━━━━━ THE INPUT

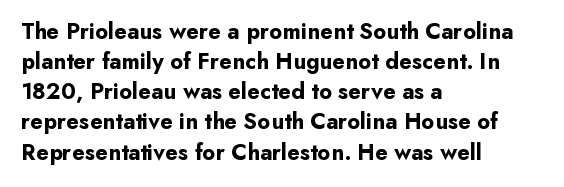
{"italic": "no", "bold": "yes", "underline": "no", "align": "left", "line_spacing": "normal", "line_spacing_ratio": 1.31, "letter_spacing": "normal", "letter_spacing_em": 0.0, "glyph_px": 23}
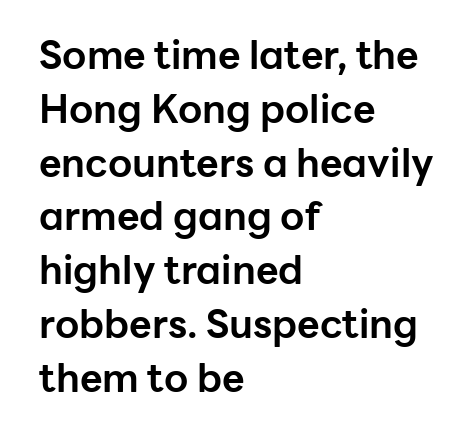
The passage shown is typed in a proportional face where columns would drift. Strong, thick strokes mark this as bold type. Which margin do the lines hug? The left one — the right edge is uneven. Each word holds together tightly as a unit, with standard inter-letter gaps.
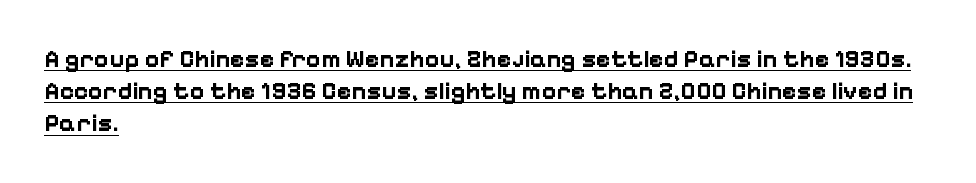
The image shows 25 px bold type, upright; set left-aligned, normal line spacing (1.29x), normal letter spacing, underlined.
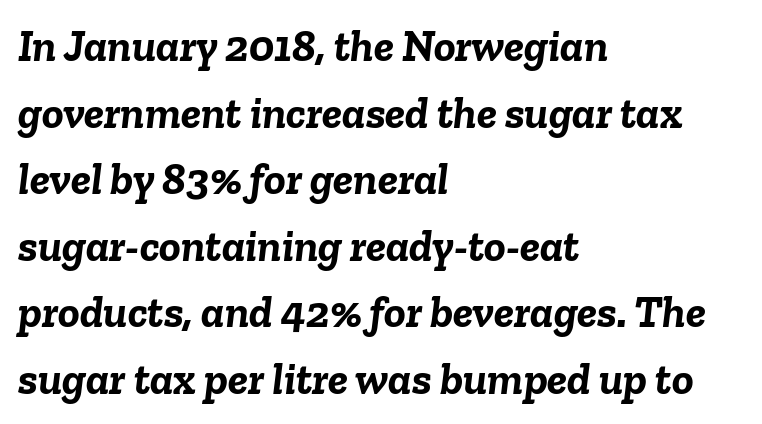
Q: Is the text bold? A: Yes.
Q: Is the text italic (slanted)? A: Yes, it leans right by about 6 degrees.
Q: Is the text underlined? A: No.
Q: How is the paragraph aligned? A: Left-aligned.
Q: Is the spacing between letters normal or unusually wide? A: Normal.
Q: Is the spacing between lines tight, normal or loose? A: Normal.
Q: Width (condensed, normal, or wide)? A: Normal.
Q: Stroke contrast? A: Low.
Q: x-height? A: Medium.
Q: Monospaced? A: No.
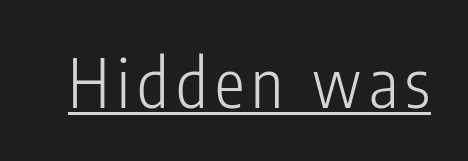
The type sits square on the baseline with zero lean. Caption: lettering with a line underneath. Each stroke keeps to a modest, everyday thickness or less. Character widths vary here, with narrow letters taking less room than wide ones.
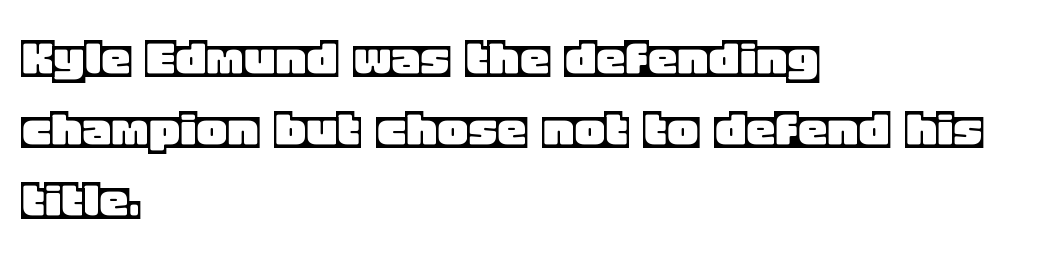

━━━━━━━━━━

= TASK OBJECTIVE =
Copy all the records above exactly, but leave out the pictures.

= SOLVED PROBLEM =
{"italic": "no", "bold": "yes", "underline": "no", "align": "left", "line_spacing": "normal", "line_spacing_ratio": 1.31, "letter_spacing": "normal", "letter_spacing_em": 0.0, "glyph_px": 23}
The passage shown is typed in a proportional face where columns would drift. Strong, thick strokes mark this as bold type. Which margin do the lines hug? The left one — the right edge is uneven. Each word holds together tightly as a unit, with standard inter-letter gaps.
The image shows 25 px bold type, upright; set left-aligned, normal line spacing (1.29x), normal letter spacing, underlined.
Q: Is the text bold? A: Yes.
Q: Is the text italic (slanted)? A: Yes, it leans right by about 6 degrees.
Q: Is the text underlined? A: No.
Q: How is the paragraph aligned? A: Left-aligned.
Q: Is the spacing between letters normal or unusually wide? A: Normal.
Q: Is the spacing between lines tight, normal or loose? A: Normal.
Q: Width (condensed, normal, or wide)? A: Normal.
Q: Stroke contrast? A: Low.
Q: x-height? A: Medium.
Q: Monospaced? A: No.
The type sits square on the baseline with zero lean. Caption: lettering with a line underneath. Each stroke keeps to a modest, everyday thickness or less. Character widths vary here, with narrow letters taking less room than wide ones.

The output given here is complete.